Here are some entries. Repeat all of them exactly.

-------- RECORDS SUPPLIED

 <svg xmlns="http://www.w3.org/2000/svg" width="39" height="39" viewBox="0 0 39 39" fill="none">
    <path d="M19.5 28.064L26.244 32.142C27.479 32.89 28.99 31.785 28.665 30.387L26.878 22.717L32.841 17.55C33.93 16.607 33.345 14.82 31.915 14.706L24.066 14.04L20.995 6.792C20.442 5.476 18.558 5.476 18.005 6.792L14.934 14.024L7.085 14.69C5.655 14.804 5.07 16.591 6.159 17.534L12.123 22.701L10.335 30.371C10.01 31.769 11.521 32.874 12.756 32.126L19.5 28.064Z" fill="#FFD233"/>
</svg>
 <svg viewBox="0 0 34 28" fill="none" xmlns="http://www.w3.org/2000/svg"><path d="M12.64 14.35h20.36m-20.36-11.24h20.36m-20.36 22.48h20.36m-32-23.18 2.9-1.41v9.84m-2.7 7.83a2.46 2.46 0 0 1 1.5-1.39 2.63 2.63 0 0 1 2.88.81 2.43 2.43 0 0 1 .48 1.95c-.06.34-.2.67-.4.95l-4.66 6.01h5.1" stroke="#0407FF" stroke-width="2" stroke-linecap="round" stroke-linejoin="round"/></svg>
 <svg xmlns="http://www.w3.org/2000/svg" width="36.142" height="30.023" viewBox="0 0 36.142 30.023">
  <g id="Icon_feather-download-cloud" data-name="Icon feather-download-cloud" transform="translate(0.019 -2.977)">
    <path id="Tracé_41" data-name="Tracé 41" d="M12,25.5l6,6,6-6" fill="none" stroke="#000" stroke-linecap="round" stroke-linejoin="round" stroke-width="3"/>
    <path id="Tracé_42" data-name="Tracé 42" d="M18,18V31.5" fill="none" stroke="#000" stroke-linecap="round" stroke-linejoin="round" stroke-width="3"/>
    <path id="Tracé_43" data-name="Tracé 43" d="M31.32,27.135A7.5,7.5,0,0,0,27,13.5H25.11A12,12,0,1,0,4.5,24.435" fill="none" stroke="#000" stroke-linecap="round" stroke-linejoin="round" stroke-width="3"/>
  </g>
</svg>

----------------

OUTPUT:
 <svg xmlns="http://www.w3.org/2000/svg" width="39" height="39" viewBox="0 0 39 39" fill="none">
    <path d="M19.5 28.064L26.244 32.142C27.479 32.89 28.99 31.785 28.665 30.387L26.878 22.717L32.841 17.55C33.93 16.607 33.345 14.82 31.915 14.706L24.066 14.04L20.995 6.792C20.442 5.476 18.558 5.476 18.005 6.792L14.934 14.024L7.085 14.69C5.655 14.804 5.07 16.591 6.159 17.534L12.123 22.701L10.335 30.371C10.01 31.769 11.521 32.874 12.756 32.126L19.5 28.064Z" fill="#FFD233"/>
</svg>
 <svg viewBox="0 0 34 28" fill="none" xmlns="http://www.w3.org/2000/svg"><path d="M12.64 14.35h20.36m-20.36-11.24h20.36m-20.36 22.48h20.36m-32-23.18 2.9-1.41v9.84m-2.7 7.83a2.46 2.46 0 0 1 1.5-1.39 2.63 2.63 0 0 1 2.88.81 2.43 2.43 0 0 1 .48 1.95c-.06.34-.2.67-.4.95l-4.66 6.01h5.1" stroke="#0407FF" stroke-width="2" stroke-linecap="round" stroke-linejoin="round"/></svg>
 <svg xmlns="http://www.w3.org/2000/svg" width="36.142" height="30.023" viewBox="0 0 36.142 30.023">
  <g id="Icon_feather-download-cloud" data-name="Icon feather-download-cloud" transform="translate(0.019 -2.977)">
    <path id="Tracé_41" data-name="Tracé 41" d="M12,25.5l6,6,6-6" fill="none" stroke="#000" stroke-linecap="round" stroke-linejoin="round" stroke-width="3"/>
    <path id="Tracé_42" data-name="Tracé 42" d="M18,18V31.5" fill="none" stroke="#000" stroke-linecap="round" stroke-linejoin="round" stroke-width="3"/>
    <path id="Tracé_43" data-name="Tracé 43" d="M31.32,27.135A7.5,7.5,0,0,0,27,13.5H25.11A12,12,0,1,0,4.5,24.435" fill="none" stroke="#000" stroke-linecap="round" stroke-linejoin="round" stroke-width="3"/>
  </g>
</svg>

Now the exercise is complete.